Work to be completed: Every line of the data below is to be duplicated exactly, pictures excepted.

Collected data:

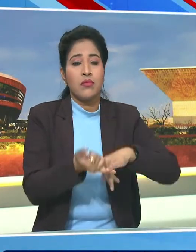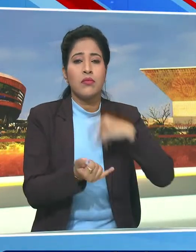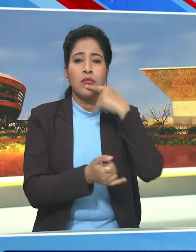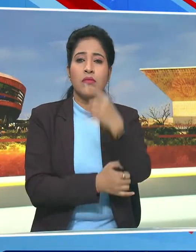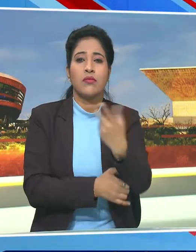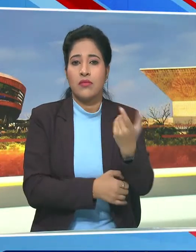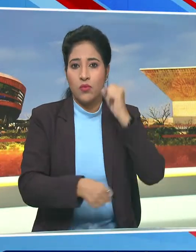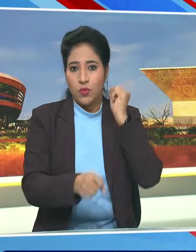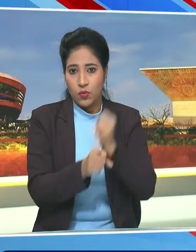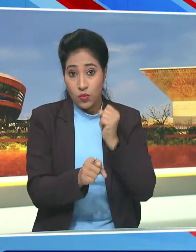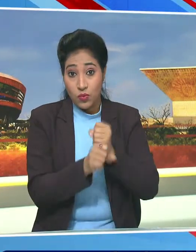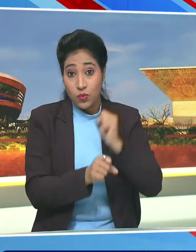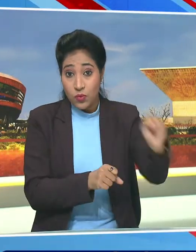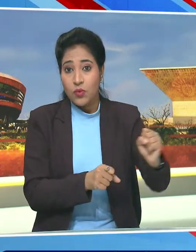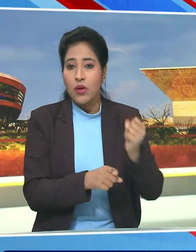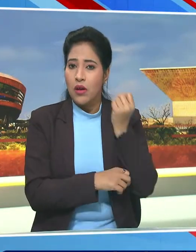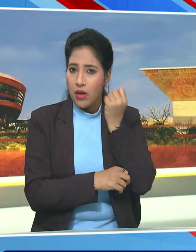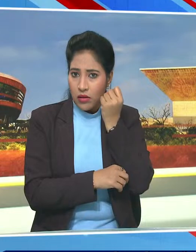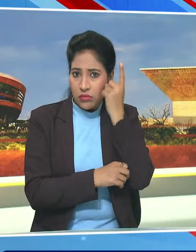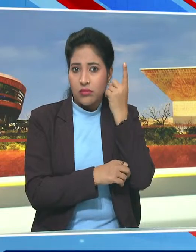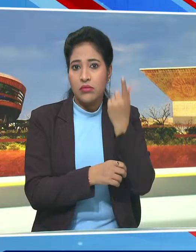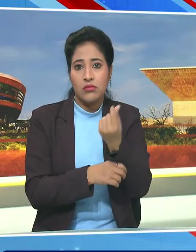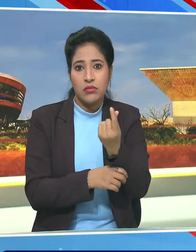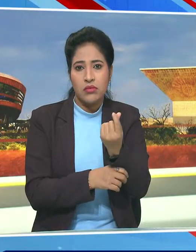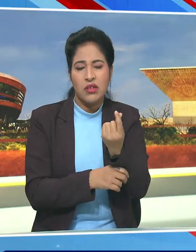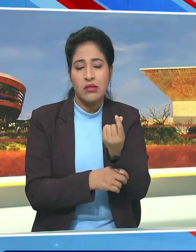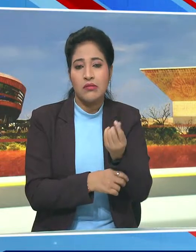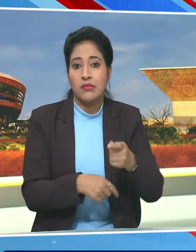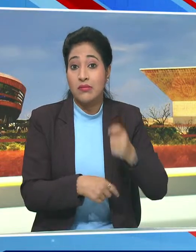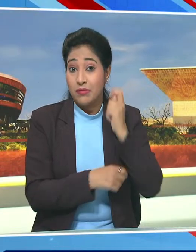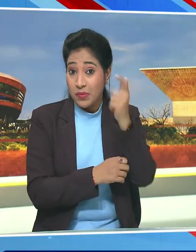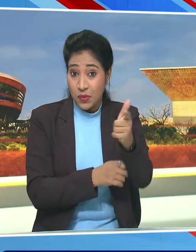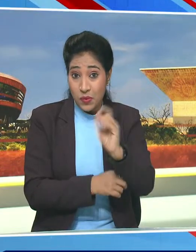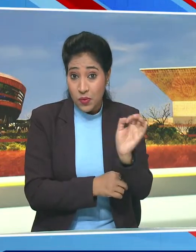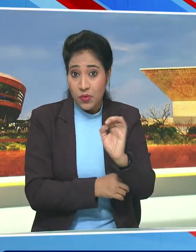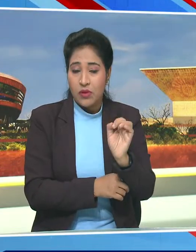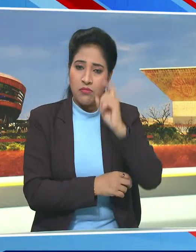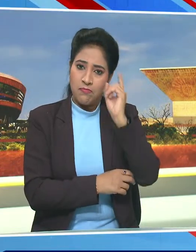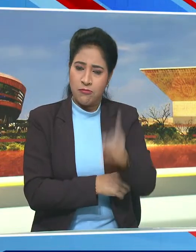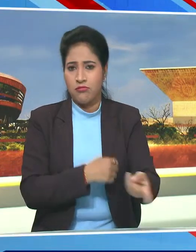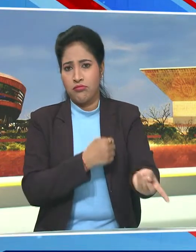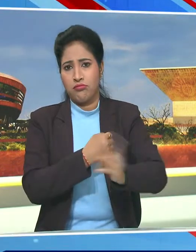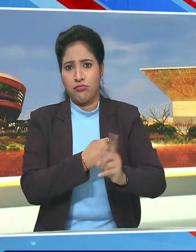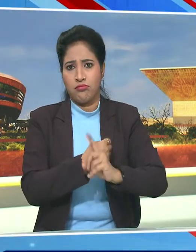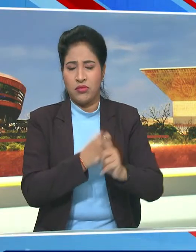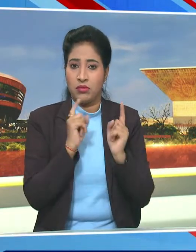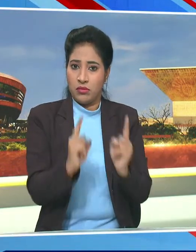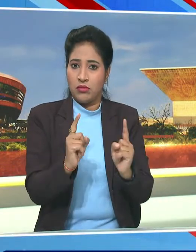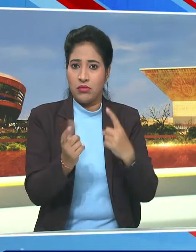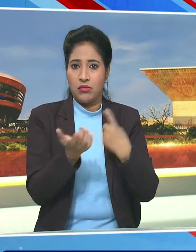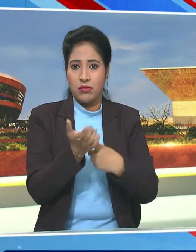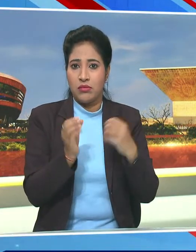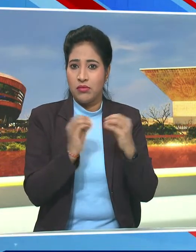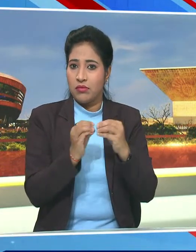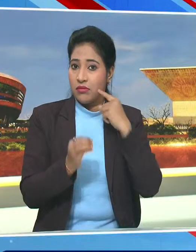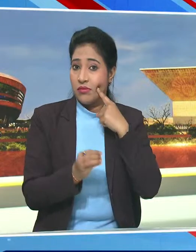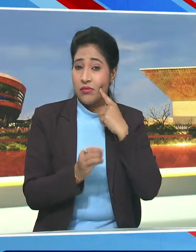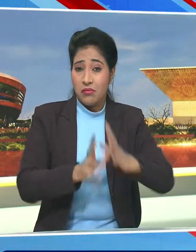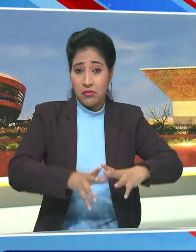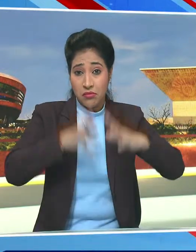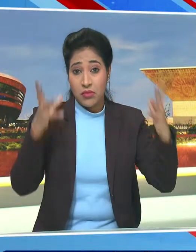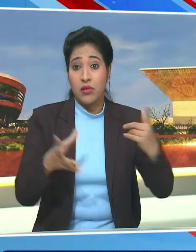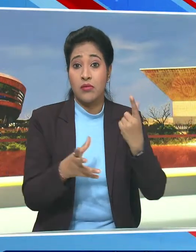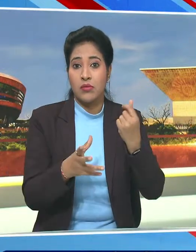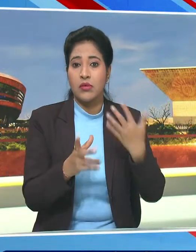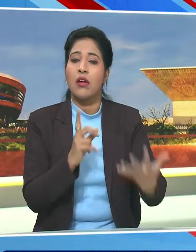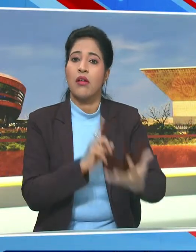बताया कि सरकार द्वारा जान भूच कर रिंडना चुकाने वालों के खिलाब सक्त कारवाई से आरवियाई को बड़ी मात्रा में धन
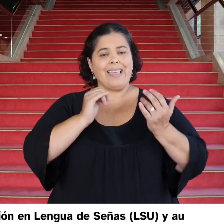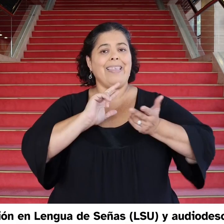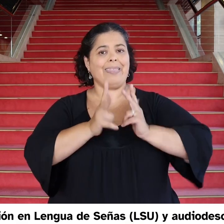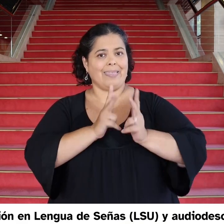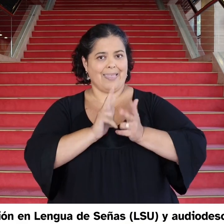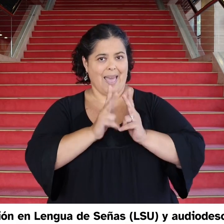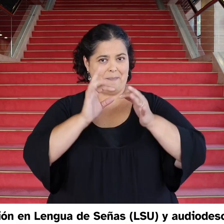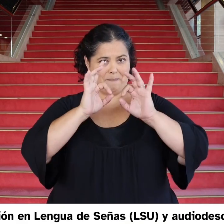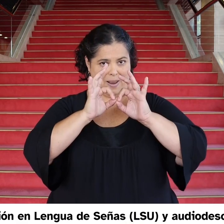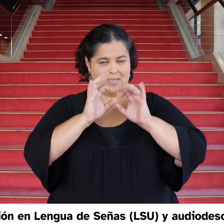audiodescripción.
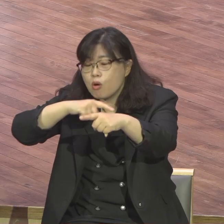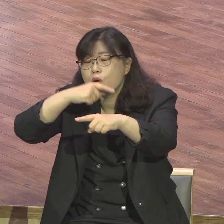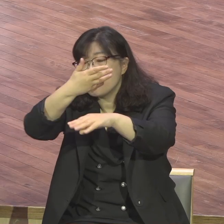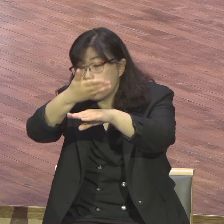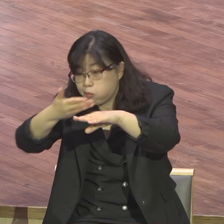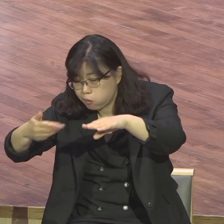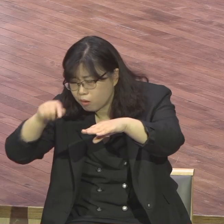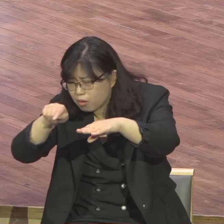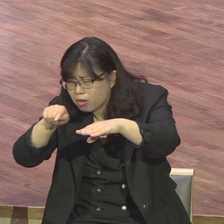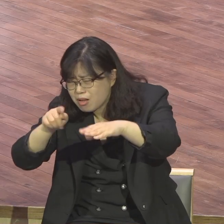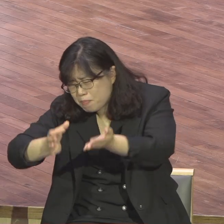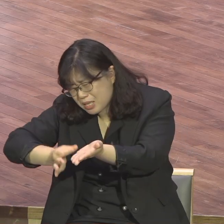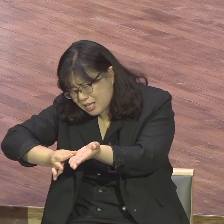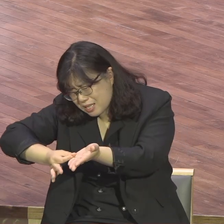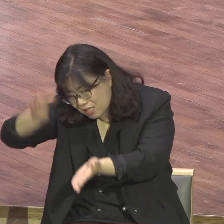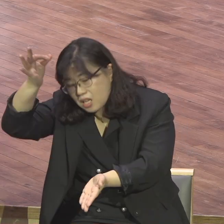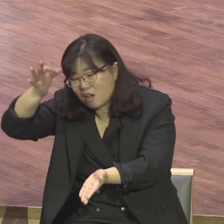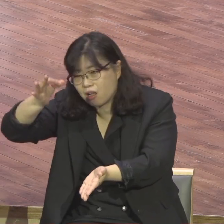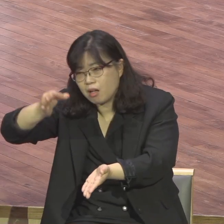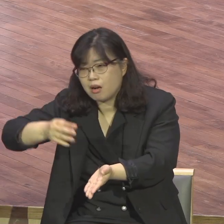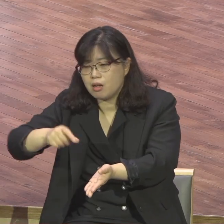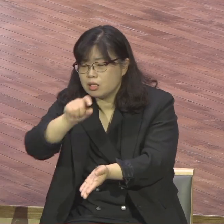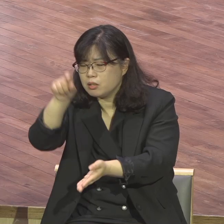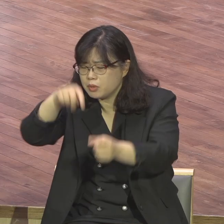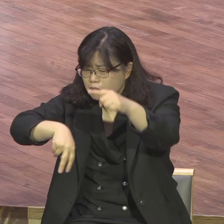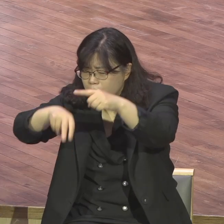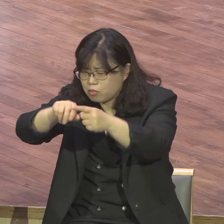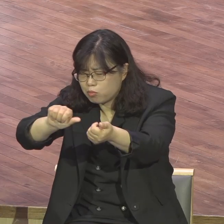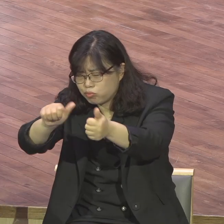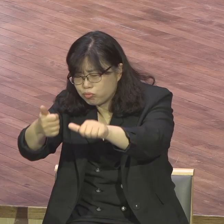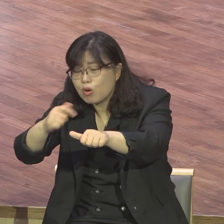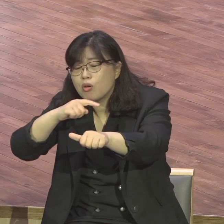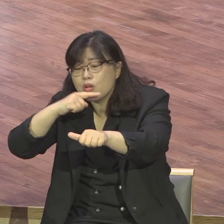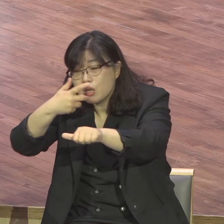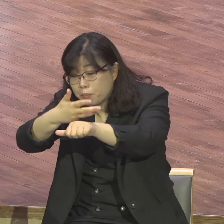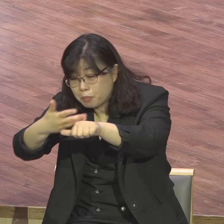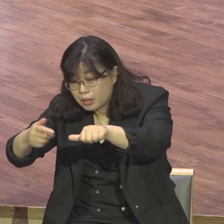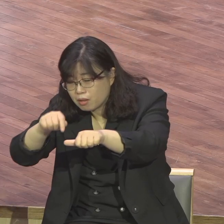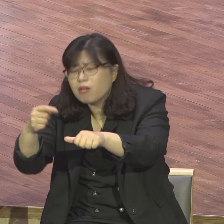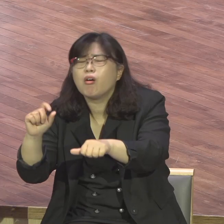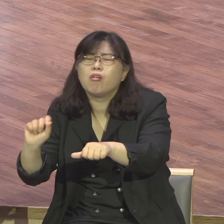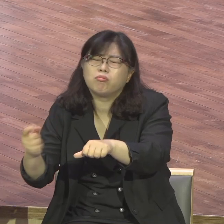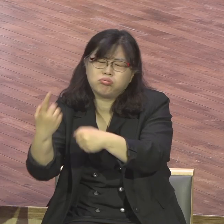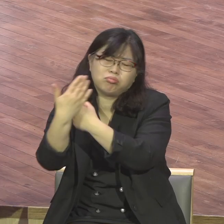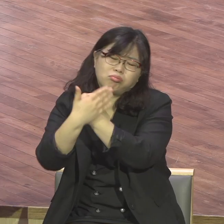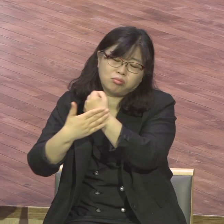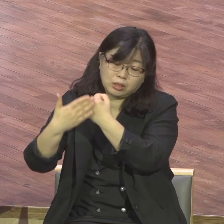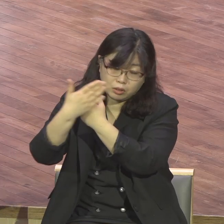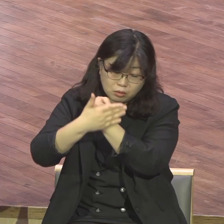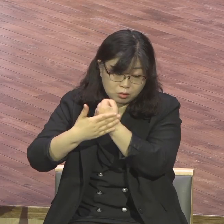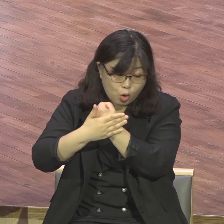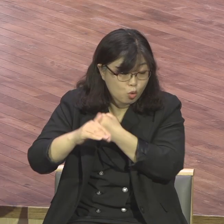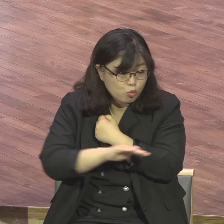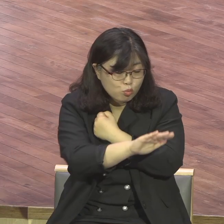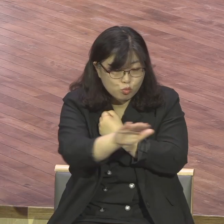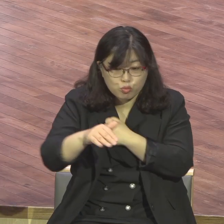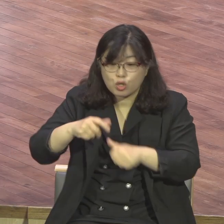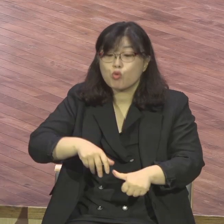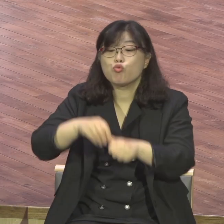구원 받은 자답게 하나님께서 나를 구원해 주시는 것 구원자답게 뭐요?

Output for this task:
बताया कि सरकार द्वारा जान भूच कर रिंडना चुकाने वालों के खिलाब सक्त कारवाई से आरवियाई को बड़ी मात्रा में धन
audiodescripción.
구원 받은 자답게 하나님께서 나를 구원해 주시는 것 구원자답게 뭐요?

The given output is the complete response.